Borrowing from the Future

But it gets worse from there. The administration is not really paying for the war in Iraq from existing funds – for example, from taxes on all the new wealth accumulated by the richest Americans during the Bush era. Rather, it is borrowing money to pay for the war. These debts will come due in the decades ahead when the cost of adjusting to global warming will really begin to mount. But when those days arrive, our descendants will need to devote all their tax contributions to paying off the Bushies’ war debt, not to addressing the increasingly severe effects of climate change. No doubt some will say, “Who are the culprits? Who is responsible for our desperate situation? Why didn’t they do time behind bars? But by then, it will be too late.

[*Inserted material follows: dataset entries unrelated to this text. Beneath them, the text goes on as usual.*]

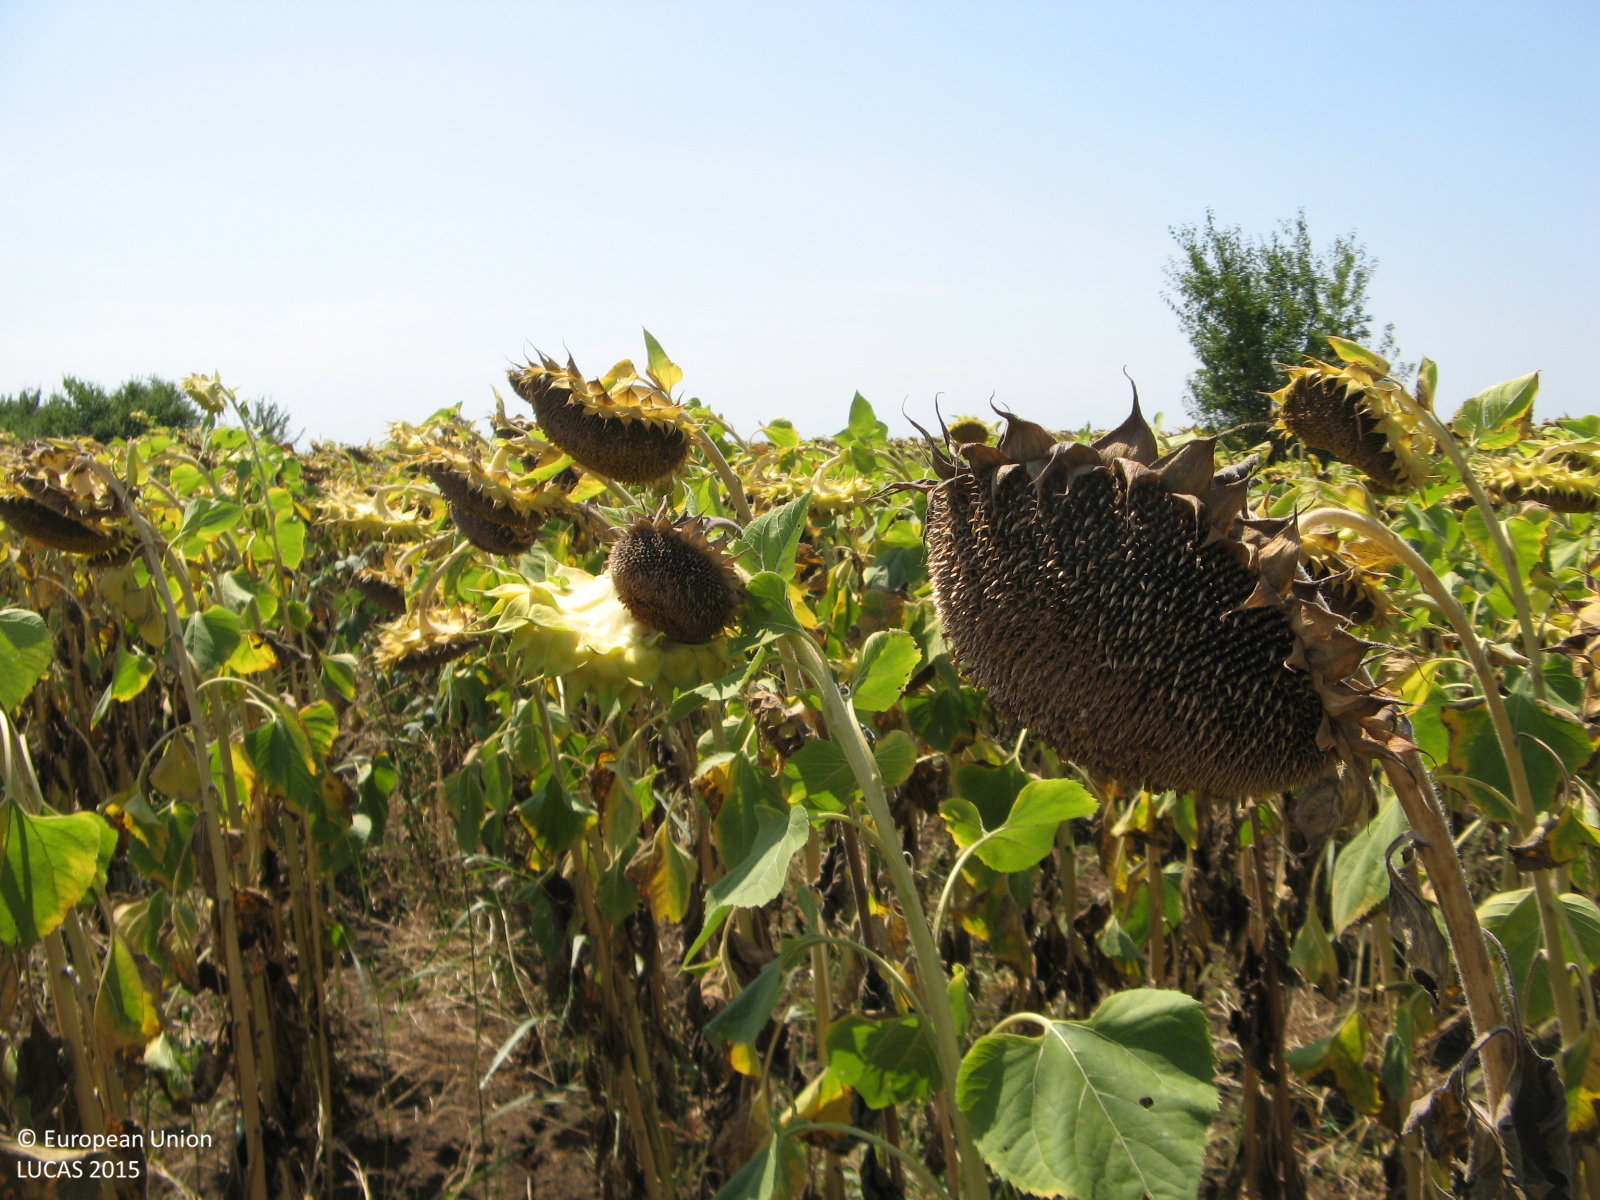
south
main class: Cropland
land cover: Sunflower
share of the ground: > 75 %
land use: Agriculture (excluding fallow land and kitchen gardens)
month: August
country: BG
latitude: 43.3879
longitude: 25.3222
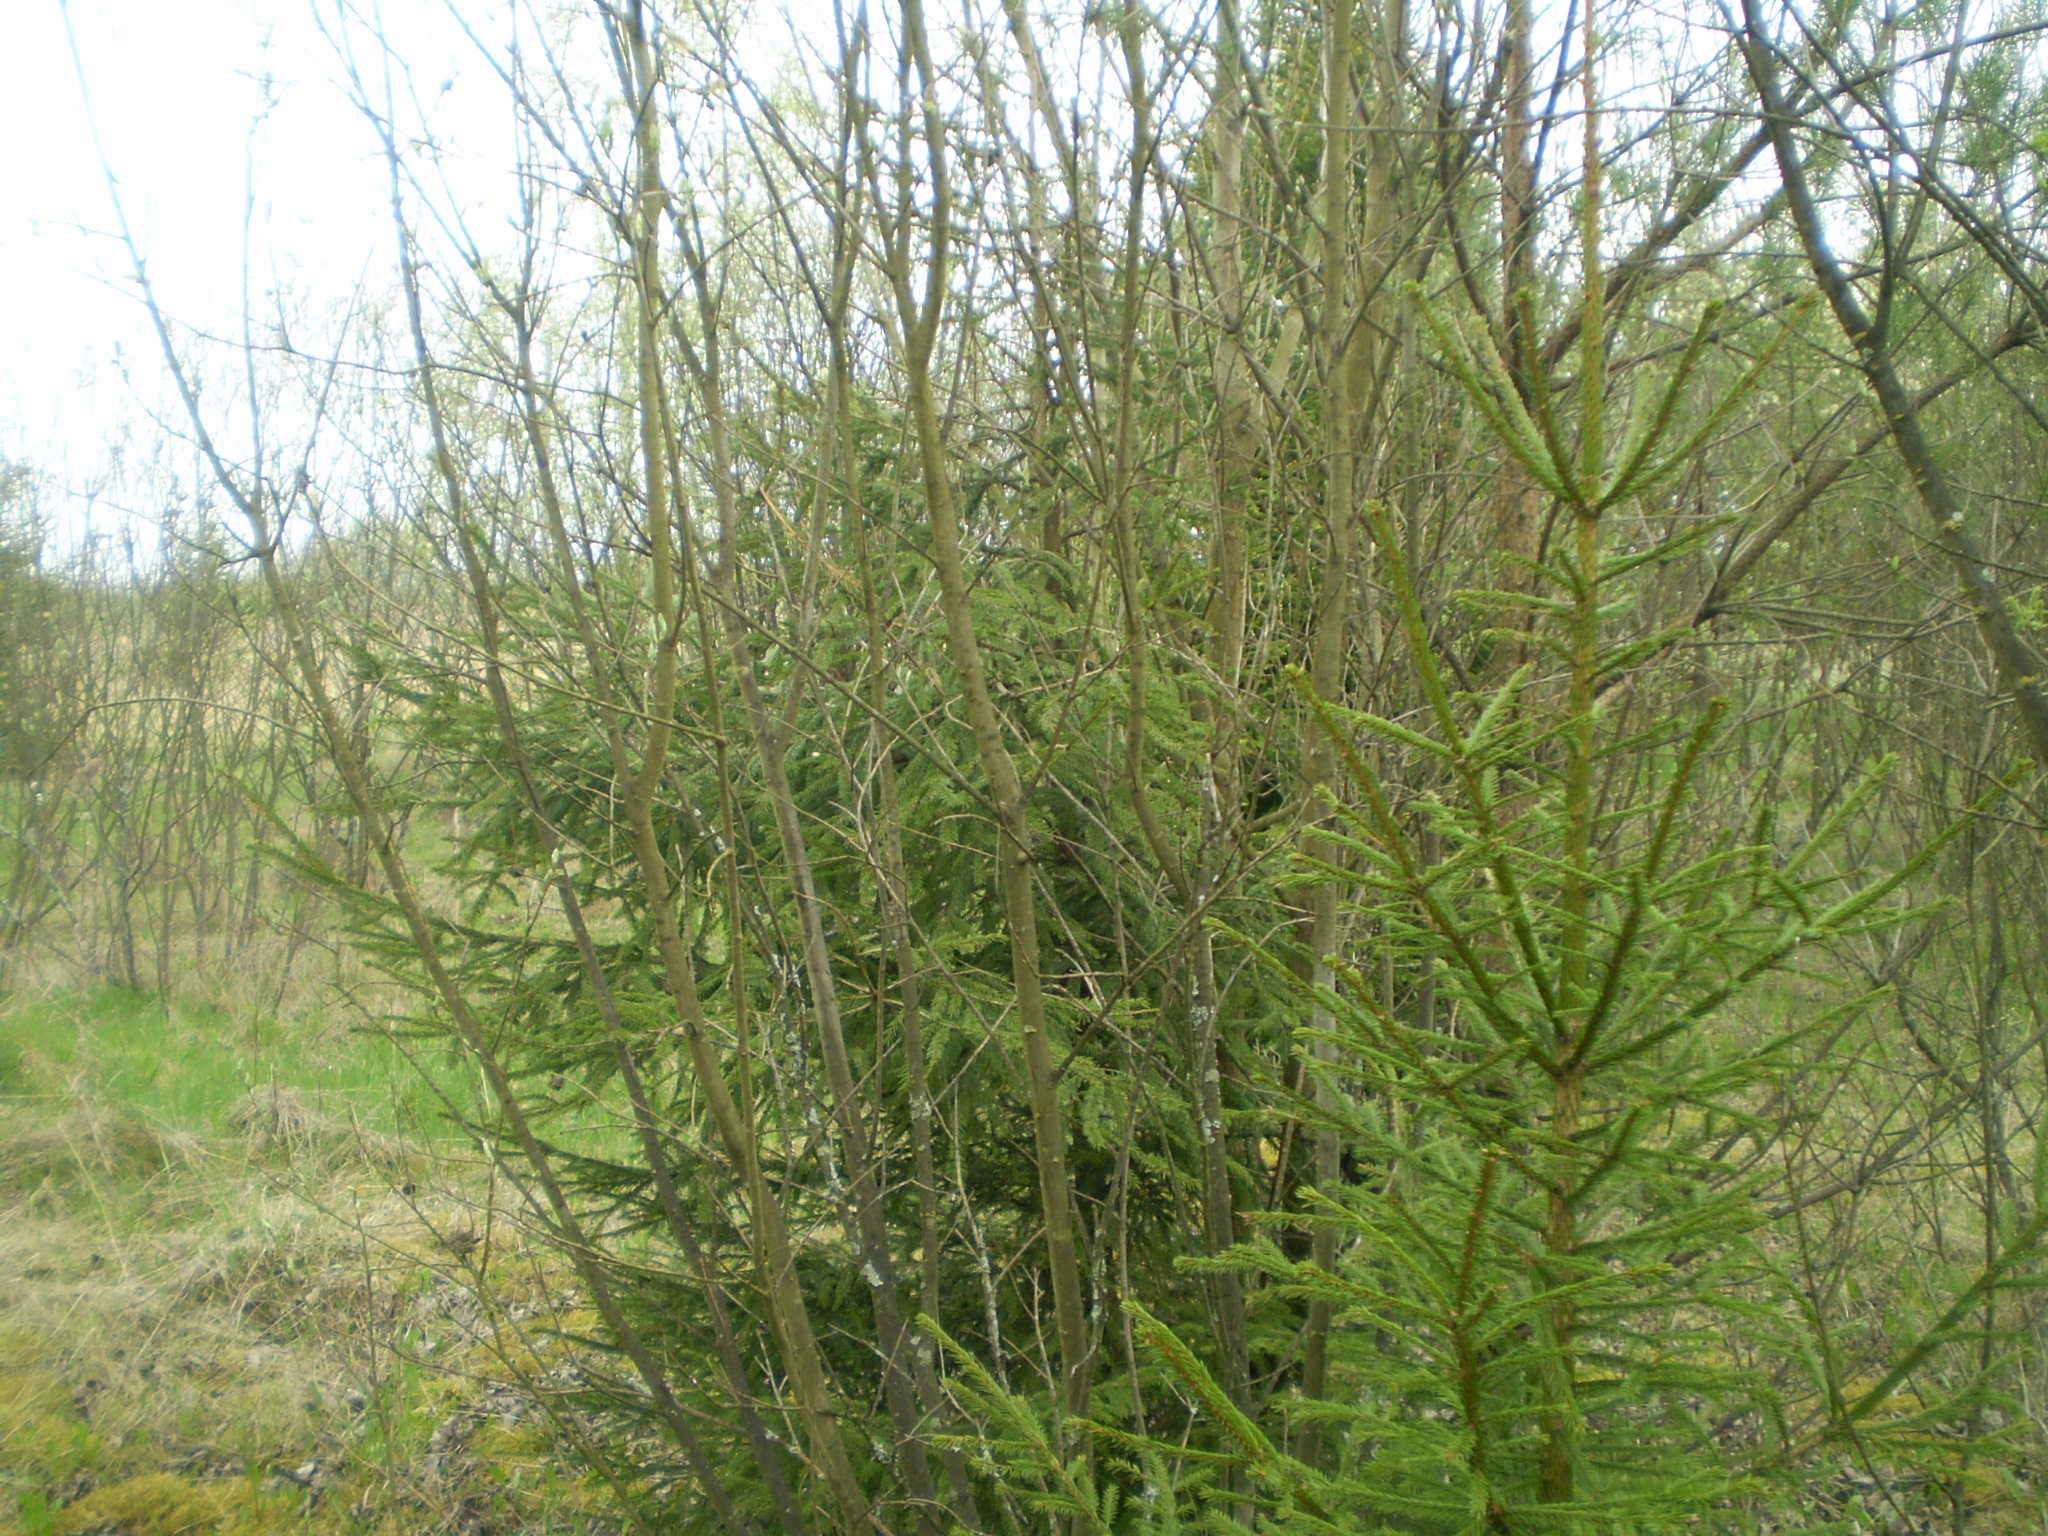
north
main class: Woodland
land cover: Other mixed woodland
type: hemiboreal forest and nemoral coniferous forest and mixed broadleaved-coniferous forest
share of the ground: > 75 %
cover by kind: broadleaved forest trees 65 %, coniferous forest trees 25 %, herbaceous plants 10 %
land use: Forestry
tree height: < 5 m
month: May
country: LT
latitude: 56.3905
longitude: 22.1525
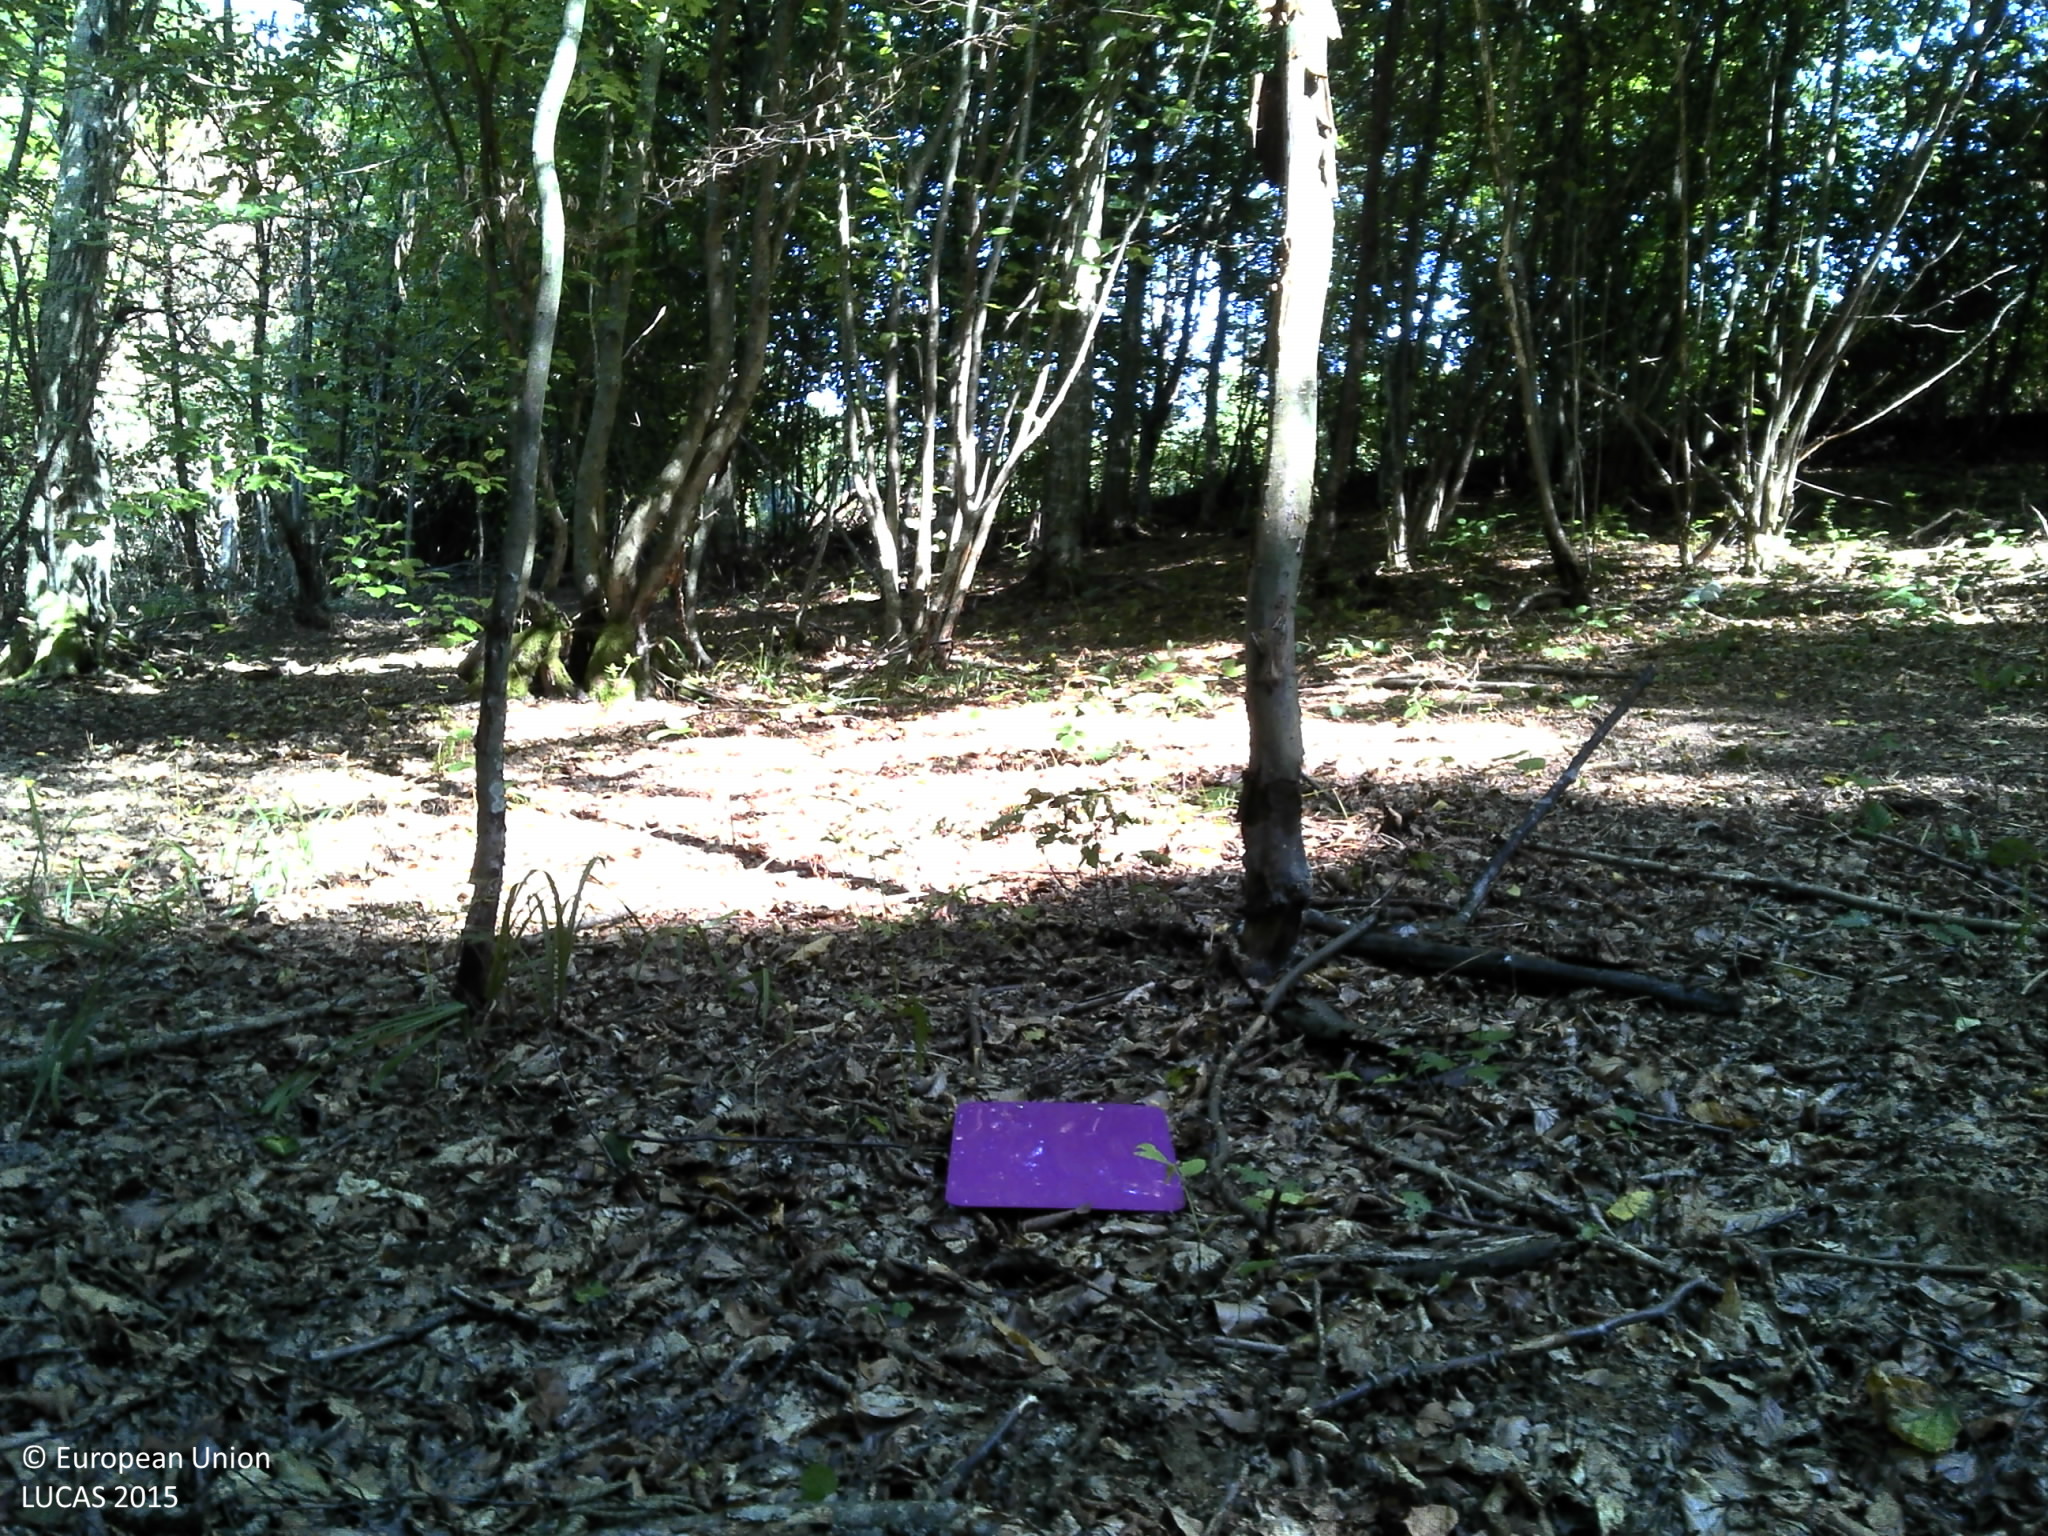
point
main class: Woodland
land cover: Broadleaved woodland
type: mesophytic deciduous forest
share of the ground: > 75 %
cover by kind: broadleaved forest trees 100 %
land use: Forestry
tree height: > 5 m
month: August
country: HR
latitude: 45.2190
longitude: 15.7900

So the Iraq War, for all its distinctive features, has to be seen in relation to the massive catastrophe of global climate change that is coming toward us at a terrifying pace. Like the peril of all-out nuclear war, this will constitute an ultimate threat to our nation’s survival. If we had any sense at all, we would terminate the war as rapidly as possible, reject all war-related supplemental funding requests, dramatically cut our reliance on petroleum, and transfer massive funds from Iraq War accounts to research on alternative energy systems.

Michael T. Klare is a professor of peace and world-security studies at Hampshire College, a Foreign Policy In Focus (www.fpif.org) columnist, and the author of the forthcoming Rising Powers, Shrinking Planet: The New Geopolitics of Energy (Metropolitan Books, 2008).